The National Rifle Association of India (NRAI), in the aftermath of the Olympic disappointment, has now acquired the services of Dr Pierre Beauchamp, a former McGill University varsity hockey player and coach. Beauchamp, the high-performance director of the Indian shooting side, commands whole teams, each specialised in a different discipline of the sport, namely pistol, rifle and shotgun. On his role, Bhaker said, “The HPD supervises everything. If any athlete requires any specific thing, he is always be there to help us psychologically or strategically. He also monitors every move of an athlete, whichever direction they go in.”
Amid all the excitement, Bhaker hasn’t lost track of issues that need to be addressed. During the 10m air pistol qualification round at the same competition, she shot 568-19x to finish 16th. In the third series, she shot four 8s and three 9s to manage a mere 89. “I definitely need to work more on 10 metre air pistol as well. I think not a lot of things are wrong, but there are minute details, which we will focus on in the next camp and training periods,” she says.

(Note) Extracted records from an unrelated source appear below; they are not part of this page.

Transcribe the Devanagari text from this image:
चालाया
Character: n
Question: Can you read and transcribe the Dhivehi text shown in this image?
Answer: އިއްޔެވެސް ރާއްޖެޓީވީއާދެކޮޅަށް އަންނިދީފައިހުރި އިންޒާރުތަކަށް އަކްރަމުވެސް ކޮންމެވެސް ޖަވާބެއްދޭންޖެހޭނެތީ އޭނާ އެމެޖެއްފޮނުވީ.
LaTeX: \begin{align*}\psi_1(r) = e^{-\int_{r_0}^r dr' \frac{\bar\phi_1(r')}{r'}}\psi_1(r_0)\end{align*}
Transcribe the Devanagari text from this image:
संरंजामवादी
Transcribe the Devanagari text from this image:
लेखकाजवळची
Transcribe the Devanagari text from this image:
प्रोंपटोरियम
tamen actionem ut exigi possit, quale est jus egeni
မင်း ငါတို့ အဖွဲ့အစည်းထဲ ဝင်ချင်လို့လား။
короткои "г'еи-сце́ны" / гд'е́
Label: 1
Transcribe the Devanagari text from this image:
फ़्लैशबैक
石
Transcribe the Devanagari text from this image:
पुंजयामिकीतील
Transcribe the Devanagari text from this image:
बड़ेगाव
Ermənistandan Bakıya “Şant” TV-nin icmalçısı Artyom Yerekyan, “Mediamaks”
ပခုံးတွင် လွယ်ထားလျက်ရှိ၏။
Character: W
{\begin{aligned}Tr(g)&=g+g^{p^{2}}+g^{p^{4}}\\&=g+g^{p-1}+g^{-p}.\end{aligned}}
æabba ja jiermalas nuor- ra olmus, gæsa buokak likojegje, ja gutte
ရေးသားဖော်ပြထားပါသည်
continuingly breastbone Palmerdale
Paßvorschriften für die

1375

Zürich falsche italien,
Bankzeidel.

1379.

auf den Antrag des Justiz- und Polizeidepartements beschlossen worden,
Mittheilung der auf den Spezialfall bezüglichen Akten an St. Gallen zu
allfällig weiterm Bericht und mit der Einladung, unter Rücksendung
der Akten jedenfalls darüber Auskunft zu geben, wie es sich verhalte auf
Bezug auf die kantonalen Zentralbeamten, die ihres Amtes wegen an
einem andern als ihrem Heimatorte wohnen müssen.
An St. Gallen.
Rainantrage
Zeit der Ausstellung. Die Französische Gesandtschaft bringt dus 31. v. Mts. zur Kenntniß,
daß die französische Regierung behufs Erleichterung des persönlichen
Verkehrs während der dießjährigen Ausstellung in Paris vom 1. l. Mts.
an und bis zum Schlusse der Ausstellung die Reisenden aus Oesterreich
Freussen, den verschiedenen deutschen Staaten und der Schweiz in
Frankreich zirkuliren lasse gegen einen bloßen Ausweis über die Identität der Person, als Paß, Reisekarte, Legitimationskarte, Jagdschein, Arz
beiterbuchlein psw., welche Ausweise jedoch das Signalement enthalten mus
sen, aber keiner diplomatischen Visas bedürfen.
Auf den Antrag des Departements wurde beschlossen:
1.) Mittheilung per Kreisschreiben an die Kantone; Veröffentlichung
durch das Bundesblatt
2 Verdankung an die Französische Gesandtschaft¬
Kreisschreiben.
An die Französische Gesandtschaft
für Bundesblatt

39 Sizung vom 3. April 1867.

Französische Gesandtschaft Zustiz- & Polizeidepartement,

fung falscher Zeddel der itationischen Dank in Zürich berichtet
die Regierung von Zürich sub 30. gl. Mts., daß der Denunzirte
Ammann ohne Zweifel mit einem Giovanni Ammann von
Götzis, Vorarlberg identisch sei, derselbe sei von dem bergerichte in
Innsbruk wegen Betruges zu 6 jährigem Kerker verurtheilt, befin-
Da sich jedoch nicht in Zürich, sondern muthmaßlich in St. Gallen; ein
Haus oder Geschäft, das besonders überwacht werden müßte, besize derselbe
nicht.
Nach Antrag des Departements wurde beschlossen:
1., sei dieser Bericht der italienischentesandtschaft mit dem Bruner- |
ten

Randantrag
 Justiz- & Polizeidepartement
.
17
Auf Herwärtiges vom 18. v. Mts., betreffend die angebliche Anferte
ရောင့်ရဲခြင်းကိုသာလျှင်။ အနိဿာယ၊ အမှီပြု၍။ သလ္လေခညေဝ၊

She may be committedly working towards the gold in Paris 2024, but her aim is to check all the boxes en route to the French capital. “I am eyeing each and every competition and not just one in particular. It is because each competition counts. If I improve with each event, I will end up doing better.”
Bhaker’s return to winning ways is a symbol of hope, a beacon of inspiration for all who aspire to do great things. Bhaker’s ultimate weapon isn’t the pistol she normally wields. Her greatest strength perhaps lies in her undying hunger to succeed.